Microsoft's response, to reduce Gates's span of command, and give the new business unit managers more autonomy, was partly governed by 100 interviews with programme managers and team leaders. But stopping the brain drain will depend on the reality or otherwise of the autonomy that Microsoft's able, rich people understandably crave.

Meeting their wishes may come hard to a company which is accustomed, for instance, to having public relations people sitting in on interviews and taking copious notes of what the executives say to the media. Buffett doesn't even have any PR staff. It is, of course, unfair to compare a large, integrated corporation like Microsoft with a widely diversified holding company like Berkshire. But most companies can be readily split into discrete, free-standing businesses which can be managed and controlled along Buffett lines.
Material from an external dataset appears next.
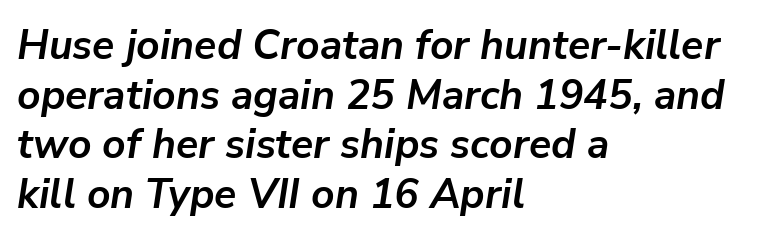
The image shows 41 px semibold type, italic (leaning right); set left-aligned, line spacing 1.21x, normal letter spacing, not underlined; low stroke contrast and a medium x-height.
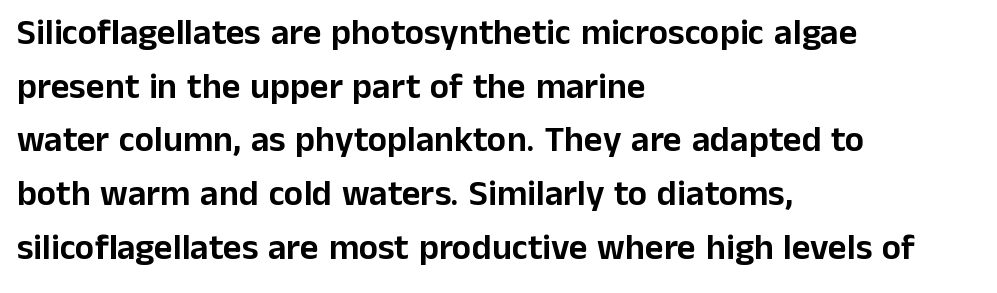
The image shows 36 px sans-serif type, upright; set left-aligned, normal line spacing (1.49x), normal letter spacing, not underlined; low stroke contrast and a medium x-height.

The secret is to treat the unit manager as a CEO in his or her own right. Don't impose targets, for a start, but let them tell you what they are going to achieve and how. Second, don't have a fixed idea of how long people (or yourself, for that matter) should stay running an operation. If they are happy and doing an excellent job, only move them if you both feel they are not living up to their full potential: or you have another, more important post for which they are ideal.

You should always have a reservoir of able internal candidates for any such promotion. Characteristically, Buffett delegates this aspect of his responsibility, too. Thus, his top managers were asked to 'send me a letter updating your recommendations as to who should take over tomorrow if you became incapacitated tonight. Anything you send me will be confidential'.


That, you may be sure, rarely happens at Microsoft or most other companies. It means treating subordinates as equals, as grown-ups who know their businesses and their people and who can be trusted with anything – from accounting honestly for their expenses to thinking about succession. Trust is what ultimately distinguishes the Buffett and Gates styles. On results, you would have to say that Gates wins – but that has depended far less on management style than on the ruthless exploitation of a monopoly position which is unlikely to last.

For the long haul, Warren Buffett's way must be best. As an associate says, 'somehow Warren has been able to keep a diverse cast of characters working harder for him than they did for themselves. I see it every day – and I still don't know how he does it'. Having read all the above, though, you will have a good idea of the maestro's magic methods. Use them.